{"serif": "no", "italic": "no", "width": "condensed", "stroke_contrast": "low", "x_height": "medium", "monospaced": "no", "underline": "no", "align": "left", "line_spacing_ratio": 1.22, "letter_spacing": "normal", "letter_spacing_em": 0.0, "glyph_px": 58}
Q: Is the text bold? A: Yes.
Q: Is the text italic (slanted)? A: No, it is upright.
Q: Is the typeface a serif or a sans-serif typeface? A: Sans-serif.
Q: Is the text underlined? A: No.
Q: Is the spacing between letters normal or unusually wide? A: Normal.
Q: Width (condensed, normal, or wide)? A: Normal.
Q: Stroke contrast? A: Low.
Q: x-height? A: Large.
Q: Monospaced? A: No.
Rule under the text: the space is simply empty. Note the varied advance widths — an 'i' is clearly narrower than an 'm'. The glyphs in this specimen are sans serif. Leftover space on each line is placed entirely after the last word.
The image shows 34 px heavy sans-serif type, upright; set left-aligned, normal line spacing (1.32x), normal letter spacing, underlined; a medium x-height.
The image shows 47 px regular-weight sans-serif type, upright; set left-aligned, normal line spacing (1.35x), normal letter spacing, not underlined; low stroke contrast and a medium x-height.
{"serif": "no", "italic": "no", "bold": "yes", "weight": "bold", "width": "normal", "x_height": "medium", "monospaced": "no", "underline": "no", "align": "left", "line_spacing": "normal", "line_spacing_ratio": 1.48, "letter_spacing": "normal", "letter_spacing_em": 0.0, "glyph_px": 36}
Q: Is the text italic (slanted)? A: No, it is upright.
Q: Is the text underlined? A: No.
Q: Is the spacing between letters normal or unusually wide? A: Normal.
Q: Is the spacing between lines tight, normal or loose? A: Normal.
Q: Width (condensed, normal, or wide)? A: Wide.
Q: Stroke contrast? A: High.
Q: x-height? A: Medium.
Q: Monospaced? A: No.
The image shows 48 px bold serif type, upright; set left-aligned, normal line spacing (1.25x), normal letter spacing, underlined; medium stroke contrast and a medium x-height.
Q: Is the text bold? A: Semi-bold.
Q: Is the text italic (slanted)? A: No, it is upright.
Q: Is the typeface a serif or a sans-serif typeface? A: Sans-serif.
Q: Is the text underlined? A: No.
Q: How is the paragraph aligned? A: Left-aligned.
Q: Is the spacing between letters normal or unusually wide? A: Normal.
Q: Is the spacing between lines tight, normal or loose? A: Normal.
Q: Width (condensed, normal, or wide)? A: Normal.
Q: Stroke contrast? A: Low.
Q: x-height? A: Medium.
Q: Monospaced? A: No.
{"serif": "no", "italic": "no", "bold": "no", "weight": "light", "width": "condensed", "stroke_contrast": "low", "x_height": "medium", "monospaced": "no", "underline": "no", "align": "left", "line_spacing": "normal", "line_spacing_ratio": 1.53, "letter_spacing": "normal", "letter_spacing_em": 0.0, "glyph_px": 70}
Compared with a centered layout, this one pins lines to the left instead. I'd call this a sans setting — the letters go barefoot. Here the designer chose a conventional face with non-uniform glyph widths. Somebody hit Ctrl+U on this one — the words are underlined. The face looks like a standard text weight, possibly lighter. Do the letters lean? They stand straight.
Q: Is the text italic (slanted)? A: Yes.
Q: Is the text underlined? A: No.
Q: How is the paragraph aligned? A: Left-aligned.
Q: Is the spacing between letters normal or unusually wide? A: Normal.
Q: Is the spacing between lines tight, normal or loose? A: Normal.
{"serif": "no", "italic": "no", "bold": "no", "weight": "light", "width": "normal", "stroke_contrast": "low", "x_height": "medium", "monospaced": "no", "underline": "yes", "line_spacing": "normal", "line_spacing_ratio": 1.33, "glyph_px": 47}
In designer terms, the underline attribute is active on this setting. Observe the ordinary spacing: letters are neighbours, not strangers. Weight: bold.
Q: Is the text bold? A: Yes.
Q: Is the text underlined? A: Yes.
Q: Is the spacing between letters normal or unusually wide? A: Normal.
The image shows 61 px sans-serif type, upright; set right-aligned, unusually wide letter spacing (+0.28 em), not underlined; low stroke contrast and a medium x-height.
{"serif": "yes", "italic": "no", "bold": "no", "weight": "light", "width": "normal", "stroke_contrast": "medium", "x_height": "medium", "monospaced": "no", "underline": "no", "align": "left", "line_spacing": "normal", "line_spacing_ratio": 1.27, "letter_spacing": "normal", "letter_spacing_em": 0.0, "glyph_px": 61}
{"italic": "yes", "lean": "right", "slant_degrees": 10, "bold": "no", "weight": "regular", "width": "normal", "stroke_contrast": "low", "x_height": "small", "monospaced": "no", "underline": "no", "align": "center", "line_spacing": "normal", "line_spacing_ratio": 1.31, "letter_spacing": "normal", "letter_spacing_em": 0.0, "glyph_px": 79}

(Assignment)
Please restate word for word the lines of the material above, beginning with the one that holds "Q: Is the text underlined? A: Yes." and ending with the last.

(Expected answer)
Q: Is the text underlined? A: Yes.
Q: Is the spacing between letters normal or unusually wide? A: Normal.
The image shows 61 px sans-serif type, upright; set right-aligned, unusually wide letter spacing (+0.28 em), not underlined; low stroke contrast and a medium x-height.
{"serif": "yes", "italic": "no", "bold": "no", "weight": "light", "width": "normal", "stroke_contrast": "medium", "x_height": "medium", "monospaced": "no", "underline": "no", "align": "left", "line_spacing": "normal", "line_spacing_ratio": 1.27, "letter_spacing": "normal", "letter_spacing_em": 0.0, "glyph_px": 61}
{"italic": "yes", "lean": "right", "slant_degrees": 10, "bold": "no", "weight": "regular", "width": "normal", "stroke_contrast": "low", "x_height": "small", "monospaced": "no", "underline": "no", "align": "center", "line_spacing": "normal", "line_spacing_ratio": 1.31, "letter_spacing": "normal", "letter_spacing_em": 0.0, "glyph_px": 79}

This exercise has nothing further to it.